RESTORE SNAPSHOT sr_hub.sr_member_backup
FROM test_repo
ON (sr_member)
PROPERTIES (
"backup_timestamp"="2023-02-07-14-45-53-143",
"replication_num" = "1"
);
RESTORE is an asynchronous operation. You can check the status of a RESTORE job using SHOW RESTORE, or cancel a RESTORE job using CANCEL RESTORE.
Usage notes
- Backups are in a special file format that cannot be recognized by other applications.
- Only users with the ADMIN privilege can back up or restore data.
- In each database, only one running BACKUP or RESTORE job is allowed at a time. Otherwise, CelerData returns an error.

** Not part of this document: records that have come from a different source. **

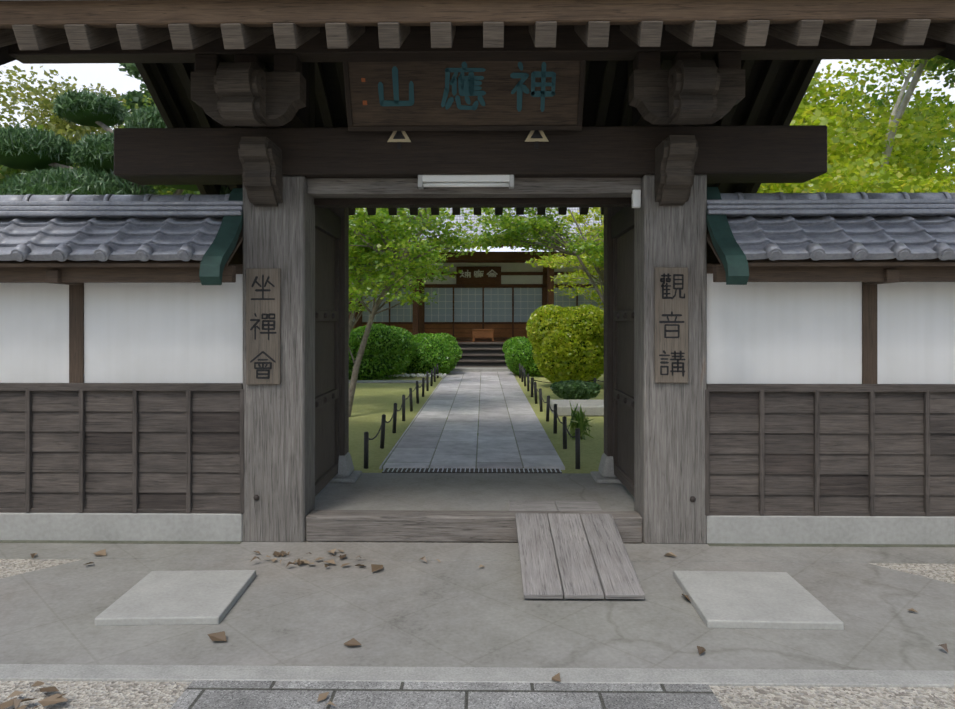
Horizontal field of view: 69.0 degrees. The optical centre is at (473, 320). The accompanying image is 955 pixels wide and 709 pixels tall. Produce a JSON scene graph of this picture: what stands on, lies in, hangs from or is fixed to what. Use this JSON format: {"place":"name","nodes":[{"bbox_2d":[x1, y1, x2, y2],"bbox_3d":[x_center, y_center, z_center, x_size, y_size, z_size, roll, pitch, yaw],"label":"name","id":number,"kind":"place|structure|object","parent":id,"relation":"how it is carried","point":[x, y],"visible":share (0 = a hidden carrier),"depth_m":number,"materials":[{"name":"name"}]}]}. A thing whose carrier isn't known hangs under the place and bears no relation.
{"place":"outdoors","nodes":[
{"label":"outdoors","id":0,"kind":"place"},
{"bbox_2d":[0,0,45,0],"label":"gate tiles","id":1,"kind":"object","parent":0,"point":[22,0],"depth_m":3.88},
{"bbox_2d":[353,328,525,328],"bbox_3d":[0.319,0.332,23.367,20.740,0.162,0.010,0,0,1],"label":"hondo panel rail","id":2,"kind":"object","parent":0,"point":[467,328],"visible":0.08,"depth_m":23.37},
{"bbox_2d":[379,372,564,469],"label":"path","id":3,"kind":"structure","parent":0,"point":[486,420],"depth_m":8.97,"materials":[{"name":"grey stone"}]},
{"bbox_2d":[315,473,633,510],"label":"floor","id":4,"kind":"structure","parent":0,"point":[442,491],"depth_m":5.92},
{"bbox_2d":[330,452,620,482],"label":"stones","id":5,"kind":"object","parent":4,"relation":"on","point":[347,473],"visible":0.5,"depth_m":6.30,"materials":[{"name":"grey stone"}]},
{"bbox_2d":[243,174,706,543],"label":"gate posts","id":6,"kind":"object","parent":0,"point":[669,450],"visible":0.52,"depth_m":5.02,"materials":[{"name":"grey wood"}]},
{"bbox_2d":[246,267,687,383],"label":"vertical signboards","id":7,"kind":"object","parent":6,"relation":"attached to","point":[271,346],"visible":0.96,"depth_m":5.00,"materials":[{"name":"wood"}]},
{"bbox_2d":[250,273,685,378],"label":"plaque characters","id":8,"kind":"object","parent":7,"relation":"attached to","point":[266,368],"visible":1,"depth_m":4.96,"materials":[{"name":"black paint"}]},
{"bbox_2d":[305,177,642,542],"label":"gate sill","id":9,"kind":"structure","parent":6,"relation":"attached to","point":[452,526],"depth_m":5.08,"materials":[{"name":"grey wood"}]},
{"bbox_2d":[315,207,633,496],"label":"gate doors","id":10,"kind":"structure","parent":6,"relation":"attached to","point":[331,347],"depth_m":6.15,"materials":[{"name":"brown wood"}]},
{"bbox_2d":[253,312,695,501],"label":"metal studs","id":11,"kind":"object","parent":10,"relation":"attached to","point":[692,498],"visible":0.73,"depth_m":5.47,"materials":[{"name":"black metal"}]},
{"bbox_2d":[8,25,945,207],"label":"gate beams","id":12,"kind":"structure","parent":6,"relation":"on","point":[725,154],"depth_m":4.96,"materials":[{"name":"brown wood"}]},
{"bbox_2d":[191,60,744,206],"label":"carved brackets","id":13,"kind":"object","parent":12,"relation":"attached to","point":[687,92],"visible":1,"depth_m":4.55,"materials":[{"name":"brown wood"}]},
{"bbox_2d":[387,130,548,141],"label":"sign brackets","id":14,"kind":"object","parent":12,"relation":"attached to","point":[528,139],"visible":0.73,"depth_m":4.95,"materials":[{"name":"beige metal"}]},
{"bbox_2d":[0,19,954,49],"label":"rafter ends","id":15,"kind":"object","parent":12,"relation":"on","point":[695,33],"visible":0.58,"depth_m":3.95,"materials":[{"name":"brown wood"}]},
{"bbox_2d":[0,0,954,28],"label":"roof eave board","id":16,"kind":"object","parent":15,"relation":"attached to","point":[163,13],"depth_m":3.90,"materials":[{"name":"brown wood"}]},
{"bbox_2d":[0,43,954,239],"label":"roof rafters","id":17,"kind":"object","parent":6,"relation":"on","point":[161,90],"visible":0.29,"depth_m":6.68,"materials":[{"name":"brown wood"}]},
{"bbox_2d":[348,61,579,125],"bbox_3d":[-0.064,-1.604,4.792,1.620,0.529,0.270,0,0,1],"label":"sign board","id":18,"kind":"object","parent":17,"relation":"attached to","point":[497,85],"visible":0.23,"depth_m":4.79,"materials":[{"name":"brown wood"}]},
{"bbox_2d":[361,78,366,104],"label":"seal marks","id":19,"kind":"object","parent":18,"relation":"attached to","point":[363,80],"visible":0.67,"depth_m":4.81},
{"bbox_2d":[343,60,585,130],"bbox_3d":[-0.064,-1.592,4.766,1.640,0.517,0.244,0,0,1],"label":"sign frame","id":20,"kind":"object","parent":18,"relation":"attached to","point":[578,126],"visible":0.6,"depth_m":4.86,"materials":[{"name":"brown wood"}]},
{"bbox_2d":[378,62,555,111],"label":"sign characters","id":21,"kind":"object","parent":18,"relation":"attached to","point":[469,84],"visible":1,"depth_m":4.76,"materials":[{"name":"teal paint"}]},
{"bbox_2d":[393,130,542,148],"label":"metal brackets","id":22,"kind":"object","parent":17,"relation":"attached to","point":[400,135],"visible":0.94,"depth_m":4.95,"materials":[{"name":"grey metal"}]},
{"bbox_2d":[422,175,640,207],"bbox_3d":[0.420,-0.945,5.063,1.600,0.235,0.122,0,0,1],"label":"lamp","id":23,"kind":"object","parent":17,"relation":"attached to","point":[465,180],"visible":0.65,"depth_m":5.01,"materials":[{"name":"white plastic"}]},
{"bbox_2d":[418,175,513,188],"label":"lamp ends","id":24,"kind":"object","parent":23,"relation":"attached to","point":[420,183],"visible":0.65,"depth_m":5.01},
{"bbox_2d":[349,245,603,365],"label":"temple building","id":25,"kind":"structure","parent":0,"point":[490,315],"depth_m":23.35,"materials":[{"name":"brown wood"}]},
{"bbox_2d":[353,324,527,336],"bbox_3d":[0.320,0.332,23.398,21.000,0.450,0.050,0,0,1],"label":"hondo panel","id":26,"kind":"object","parent":25,"relation":"attached to","point":[497,332],"depth_m":23.38,"materials":[{"name":"brown wood"}]},
{"bbox_2d":[349,373,603,472],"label":"moss","id":27,"kind":"object","parent":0,"point":[373,403],"depth_m":9.97,"materials":[{"name":"green plant"}]},
{"bbox_2d":[0,65,166,187],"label":"yellow tree","id":28,"kind":"object","parent":27,"relation":"on","point":[57,126],"visible":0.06,"depth_m":12.94,"materials":[{"name":"plant"}]},
{"bbox_2d":[48,121,183,194],"bbox_3d":[-6.206,-2.066,11.643,2.980,7.055,8.970,0,0,-27],"label":"pine bark","id":29,"kind":"object","parent":27,"relation":"on","point":[107,129],"visible":0.02,"depth_m":8.80,"materials":[{"name":"plant"}]},
{"bbox_2d":[0,124,74,166],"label":"pine foliage","id":30,"kind":"object","parent":29,"relation":"on","point":[41,137],"visible":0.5,"depth_m":8.58,"materials":[{"name":"green plant"}]},
{"bbox_2d":[0,164,157,194],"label":"pine foliage","id":31,"kind":"object","parent":29,"relation":"on","point":[18,183],"visible":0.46,"depth_m":8.19,"materials":[{"name":"green plant"}]},
{"bbox_2d":[50,87,127,129],"bbox_3d":[-4.957,-2.760,8.983,0.969,0.439,0.929,0,0,1],"label":"pine foliage","id":32,"kind":"object","parent":29,"relation":"on","point":[68,98],"visible":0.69,"depth_m":8.71,"materials":[{"name":"green plant"}]},
{"bbox_2d":[67,129,113,168],"bbox_3d":[-4.406,-2.117,8.762,1.340,0.555,1.212,0,0,1],"label":"pine foliage","id":33,"kind":"object","parent":29,"relation":"on","point":[85,144],"visible":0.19,"depth_m":8.32,"materials":[{"name":"green plant"}]},
{"bbox_2d":[118,63,153,112],"bbox_3d":[-6.771,-5.300,16.165,2.865,2.127,2.520,0,0,1],"label":"tall pine tree","id":34,"kind":"object","parent":29,"relation":"on","point":[135,96],"visible":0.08,"depth_m":15.48,"materials":[{"name":"green plant"}]},
{"bbox_2d":[123,104,166,127],"bbox_3d":[-3.900,-2.482,8.759,1.048,0.450,0.923,0,0,1],"label":"pine foliage","id":35,"kind":"object","parent":29,"relation":"on","point":[135,116],"visible":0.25,"depth_m":8.40,"materials":[{"name":"green plant"}]},
{"bbox_2d":[0,99,603,398],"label":"bush","id":36,"kind":"object","parent":27,"relation":"on","point":[32,161],"visible":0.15,"depth_m":8.81,"materials":[{"name":"green plant"}]},
{"bbox_2d":[0,122,80,183],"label":"tree","id":37,"kind":"object","parent":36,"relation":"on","point":[6,171],"depth_m":9.39,"materials":[{"name":"green plant"}]},
{"bbox_2d":[199,185,230,194],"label":"pine foliage","id":38,"kind":"object","parent":36,"relation":"on","point":[223,190],"depth_m":8.03,"materials":[{"name":"green plant"}]},
{"bbox_2d":[349,323,416,379],"bbox_3d":[-2.684,0.864,17.620,2.452,1.601,1.875,0,0,1],"label":"azalea","id":39,"kind":"object","parent":27,"relation":"on","point":[399,368],"visible":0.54,"depth_m":17.01,"materials":[{"name":"green plant"}]},
{"bbox_2d":[386,373,445,377],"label":"edging stones","id":40,"kind":"object","parent":27,"relation":"on","point":[413,375],"visible":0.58,"depth_m":17.48,"materials":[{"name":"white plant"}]},
{"bbox_2d":[403,333,462,376],"bbox_3d":[-1.281,0.945,18.676,1.962,1.281,1.732,0,0,1],"label":"azalea","id":41,"kind":"object","parent":27,"relation":"on","point":[454,358],"visible":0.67,"depth_m":18.12,"materials":[{"name":"green plant"}]},
{"bbox_2d":[382,468,561,472],"bbox_3d":[-0.017,1.476,6.721,1.720,0.062,0.170,0,0,1],"label":"grate","id":42,"kind":"object","parent":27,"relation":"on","point":[463,470],"visible":0.36,"depth_m":6.71,"materials":[{"name":"grey metal"}]},
{"bbox_2d":[382,468,560,471],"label":"grate bars","id":43,"kind":"object","parent":42,"relation":"attached to","point":[469,470],"visible":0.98,"depth_m":6.70,"materials":[{"name":"black metal"}]},
{"bbox_2d":[349,208,603,416],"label":"trees","id":44,"kind":"object","parent":27,"relation":"on","point":[358,360],"visible":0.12,"depth_m":10.76,"materials":[{"name":"green plant"}]},
{"bbox_2d":[349,215,398,312],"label":"maple leaves","id":45,"kind":"object","parent":44,"relation":"attached to","point":[354,307],"visible":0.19,"depth_m":11.06,"materials":[{"name":"green plant"}]},
{"bbox_2d":[349,231,417,289],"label":"maple leaves","id":46,"kind":"object","parent":44,"relation":"on","point":[387,264],"depth_m":18.97,"materials":[{"name":"green plant"}]},
{"bbox_2d":[349,208,447,299],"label":"maple leaves","id":47,"kind":"object","parent":44,"relation":"attached to","point":[407,285],"visible":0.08,"depth_m":14.54,"materials":[{"name":"plant"}]},
{"bbox_2d":[349,208,490,311],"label":"maple leaves","id":48,"kind":"object","parent":44,"relation":"attached to","point":[386,218],"visible":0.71,"depth_m":10.35,"materials":[{"name":"green plant"}]},
{"bbox_2d":[456,208,603,266],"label":"maple leaves","id":49,"kind":"object","parent":44,"relation":"on","point":[507,237],"visible":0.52,"depth_m":11.36,"materials":[{"name":"green plant"}]},
{"bbox_2d":[525,223,603,300],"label":"maple leaves","id":50,"kind":"object","parent":44,"relation":"on","point":[573,260],"visible":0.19,"depth_m":16.07,"materials":[{"name":"green plant"}]},
{"bbox_2d":[546,207,603,289],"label":"maple leaves","id":51,"kind":"object","parent":44,"relation":"on","point":[578,220],"visible":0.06,"depth_m":19.32,"materials":[{"name":"green plant"}]},
{"bbox_2d":[349,367,603,415],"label":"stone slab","id":52,"kind":"structure","parent":27,"relation":"on","point":[594,407],"depth_m":11.18,"materials":[{"name":"grey stone"}]},
{"bbox_2d":[355,208,603,240],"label":"hondo roof","id":53,"kind":"structure","parent":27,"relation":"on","point":[459,218],"depth_m":21.67,"materials":[{"name":"grey tile"}]},
{"bbox_2d":[364,363,595,468],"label":"bollards","id":54,"kind":"object","parent":27,"relation":"on","point":[533,387],"visible":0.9,"depth_m":9.01,"materials":[{"name":"grey"}]},
{"bbox_2d":[369,367,603,439],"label":"ropes","id":55,"kind":"object","parent":54,"relation":"on","point":[529,381],"visible":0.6,"depth_m":9.72,"materials":[{"name":"grey fabric"}]},
{"bbox_2d":[502,336,542,376],"bbox_3d":[1.609,0.988,18.564,1.692,1.163,1.686,0,0,1],"label":"azalea","id":56,"kind":"object","parent":27,"relation":"on","point":[511,362],"visible":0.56,"depth_m":18.03,"materials":[{"name":"green plant"}]},
{"bbox_2d":[526,304,603,382],"bbox_3d":[2.085,0.554,15.221,1.892,1.843,1.845,0,0,1],"label":"shrub","id":57,"kind":"object","parent":27,"relation":"on","point":[566,316],"visible":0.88,"depth_m":14.56,"materials":[{"name":"green plant"}]},
{"bbox_2d":[550,380,600,399],"bbox_3d":[1.849,1.258,12.561,0.816,0.388,0.823,0,0,42],"label":"shrub","id":58,"kind":"object","parent":27,"relation":"on","point":[587,386],"visible":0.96,"depth_m":12.36,"materials":[{"name":"green plant"}]},
{"bbox_2d":[567,401,592,439],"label":"iris tuft","id":59,"kind":"object","parent":27,"relation":"on","point":[577,421],"visible":0.73,"depth_m":8.55,"materials":[{"name":"green plant"}]},
{"bbox_2d":[757,153,954,192],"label":"tree","id":60,"kind":"object","parent":27,"relation":"on","point":[852,181],"visible":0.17,"depth_m":8.38,"materials":[{"name":"green plant"}]},
{"bbox_2d":[804,68,954,184],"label":"tree canopy","id":61,"kind":"object","parent":27,"relation":"on","point":[950,106],"visible":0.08,"depth_m":13.04,"materials":[{"name":"green plant"}]},
{"bbox_2d":[838,58,947,87],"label":"maple leaves","id":62,"kind":"object","parent":27,"relation":"on","point":[903,65],"visible":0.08,"depth_m":11.30,"materials":[{"name":"green plant"}]},
{"bbox_2d":[879,59,927,168],"bbox_3d":[7.890,-3.800,10.334,5.549,10.538,4.972,0,0,-31],"label":"tree trunk","id":63,"kind":"object","parent":27,"relation":"on","point":[906,98],"visible":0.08,"depth_m":9.69,"materials":[{"name":"grey plant"}]},
{"bbox_2d":[898,55,954,88],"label":"tree","id":64,"kind":"object","parent":63,"relation":"on","point":[936,63],"visible":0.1,"depth_m":9.13,"materials":[{"name":"green plant"}]},
{"bbox_2d":[0,559,954,670],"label":"apron","id":65,"kind":"object","parent":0,"point":[406,613],"visible":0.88,"depth_m":3.68,"materials":[{"name":"grey concrete"}]},
{"bbox_2d":[95,570,843,629],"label":"stone slabs","id":66,"kind":"structure","parent":65,"relation":"on","point":[752,600],"depth_m":3.88,"materials":[{"name":"grey stone"}]},
{"bbox_2d":[0,548,947,708],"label":"leaf litter","id":67,"kind":"object","parent":65,"relation":"on","point":[59,698],"visible":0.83,"depth_m":3.40,"materials":[{"name":"brown plant"}]},
{"bbox_2d":[509,500,644,598],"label":"ramp","id":68,"kind":"structure","parent":65,"relation":"on","point":[592,558],"depth_m":4.42,"materials":[{"name":"grey wood"}]},
{"bbox_2d":[0,225,954,383],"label":"wall","id":69,"kind":"structure","parent":0,"point":[784,332],"depth_m":5.04,"materials":[{"name":"white paint"}]},
{"bbox_2d":[0,383,954,515],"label":"wooden wall paneling","id":70,"kind":"structure","parent":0,"point":[118,482],"depth_m":5.04,"materials":[{"name":"brown wood"}]},
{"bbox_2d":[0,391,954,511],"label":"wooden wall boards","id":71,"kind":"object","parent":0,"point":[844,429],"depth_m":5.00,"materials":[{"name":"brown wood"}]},
{"bbox_2d":[0,215,954,261],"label":"tiles wall","id":72,"kind":"structure","parent":0,"point":[788,237],"depth_m":4.82,"materials":[{"name":"grey tile"}]},
{"bbox_2d":[199,187,748,284],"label":"copper flashings","id":73,"kind":"object","parent":72,"relation":"attached to","point":[728,249],"visible":0.48,"depth_m":4.73,"materials":[{"name":"teal metal"}]},
{"bbox_2d":[0,542,954,563],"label":"apron strip","id":74,"kind":"object","parent":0,"point":[510,552],"visible":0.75,"depth_m":4.80,"materials":[{"name":"grey concrete"}]},
{"bbox_2d":[0,513,954,543],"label":"wall base","id":75,"kind":"object","parent":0,"point":[720,529],"visible":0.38,"depth_m":4.98,"materials":[{"name":"grey concrete"}]},
{"bbox_2d":[0,540,954,708],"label":"gravel ground","id":76,"kind":"structure","parent":0,"point":[116,695],"depth_m":3.00,"materials":[{"name":"grey gravel"}]},
{"bbox_2d":[170,680,722,708],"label":"pavers","id":77,"kind":"object","parent":76,"relation":"on","point":[211,694],"visible":1,"depth_m":2.97,"materials":[{"name":"grey stone"}]},
{"bbox_2d":[0,664,954,687],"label":"kerb","id":78,"kind":"structure","parent":76,"relation":"on","point":[709,677],"depth_m":3.13,"materials":[{"name":"concrete"}]},
{"bbox_2d":[0,540,954,546],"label":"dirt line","id":79,"kind":"object","parent":76,"relation":"on","point":[709,544],"visible":0.4,"depth_m":4.98,"materials":[{"name":"brown soil"}]},
{"bbox_2d":[0,192,954,218],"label":"ridge wall","id":80,"kind":"structure","parent":0,"point":[735,204],"depth_m":5.03,"materials":[{"name":"grey tile"}]},
{"bbox_2d":[0,59,954,251],"bbox_3d":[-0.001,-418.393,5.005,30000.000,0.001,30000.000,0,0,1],"label":"sky","id":81,"kind":"structure","parent":0,"point":[108,76],"depth_m":1204.69,"materials":[{"name":"white"}]},
{"bbox_2d":[162,60,793,207],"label":"rafters","id":82,"kind":"object","parent":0,"point":[594,81],"depth_m":6.91,"materials":[{"name":"brown wood"}]},
{"bbox_2d":[460,270,496,277],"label":"hondo characters","id":83,"kind":"object","parent":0,"point":[478,274],"visible":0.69,"depth_m":23.19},
{"bbox_2d":[363,288,599,321],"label":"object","id":84,"kind":"object","parent":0,"point":[475,301],"visible":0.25,"depth_m":23.37,"materials":[{"name":"brown wood"}]},
{"bbox_2d":[455,342,507,366],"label":"steps","id":85,"kind":"structure","parent":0,"point":[481,354],"depth_m":20.61,"materials":[{"name":"grey stone"}]},
{"bbox_2d":[472,329,494,340],"bbox_3d":[0.296,0.447,21.753,0.720,0.380,0.460,0,0,1],"label":"offertory box","id":86,"kind":"object","parent":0,"point":[483,333],"visible":1,"depth_m":21.55,"materials":[{"name":"brown wood"}]},
{"bbox_2d":[588,63,954,281],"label":"tree canopy","id":87,"kind":"object","parent":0,"point":[814,113],"visible":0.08,"depth_m":10.36,"materials":[{"name":"green plant"}]},
{"bbox_3d":[-3.595,-1.984,14.744,4.034,2.711,3.484,0,0,1],"label":"tree","id":88,"kind":"object","parent":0,"visible":0},
{"bbox_2d":[120,92,199,194],"bbox_3d":[-5.102,-2.458,12.130,3.458,3.167,2.803,0,0,1],"label":"green tree","id":89,"kind":"object","parent":88,"relation":"on","point":[163,190],"visible":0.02,"depth_m":11.53,"materials":[{"name":"green plant"}]}
]}

- Because BACKUP and RESTORE jobs occupy many resources of your CelerData cluster, you should back up and restore your data while your CelerData cluster is not heavily loaded.
- Specifying data compression algorithms for data backup is not supported.
- Because data is backed up as snapshots, the data loaded upon snapshot generation is not included in the snapshot. Therefore, if you load data into the old cluster after the snapshot is generated and before the RESTORE job is completed, you also need to load the data into the cluster that data is restored into. It is recommended that you load data into both clusters in parallel for a period of time after the data migration is complete, and then migrate your application to the new cluster after verifying the correctness of the data and services.
- Before the RESTORE job is completed, you cannot use the table being restored.
- You do not need to create the table to be restored in the new cluster before restoring it. The RESTORE job automatically creates it.
- If there is an existing table that has a duplicated name with the table to be restored, CelerData first checks whether or not the schema of the existing table matches that of the table to be restored. If the schemas match, CelerData overwrites the existing table with the data in the snapshot. If the schema does not match, the RESTORE job fails. You can either rename the table to be restored using the keyword
AS
, or delete the existing table before restoring data. - If the RESTORE job overwrites an existing database, table, or partition, the overwritten data cannot be restored after the job enters the COMMIT phase. If the RESTORE job fails or is canceled at this point, the data may be corrupted and inaccessible. In this case, you can only perform the RESTORE operation again and wait for the job to complete. Therefore, we recommend that you do not restore data by overwriting unless you are sure that the current data is no longer needed. The overwrite operation first checks metadata consistency between the snapshot and the existing database, table, or partition. If an inconsistency is detected, the RESTORE operation cannot be performed.
- During a BACKUP or a RESTORE job, Single-table Materialized views of the corresponding table are backed up or restored. Currently, backing up the Asynchronous Refresh Materialized view is not supported. You can only back up the physical table of the materialized view, which cannot be used for query acceleration or query rewriting.
- Currently, backing up the configuration data related to user accounts, privileges, and resource groups is not supported.
- Currently, backing up and restoring the Colocate Join relationship among tables is not supported.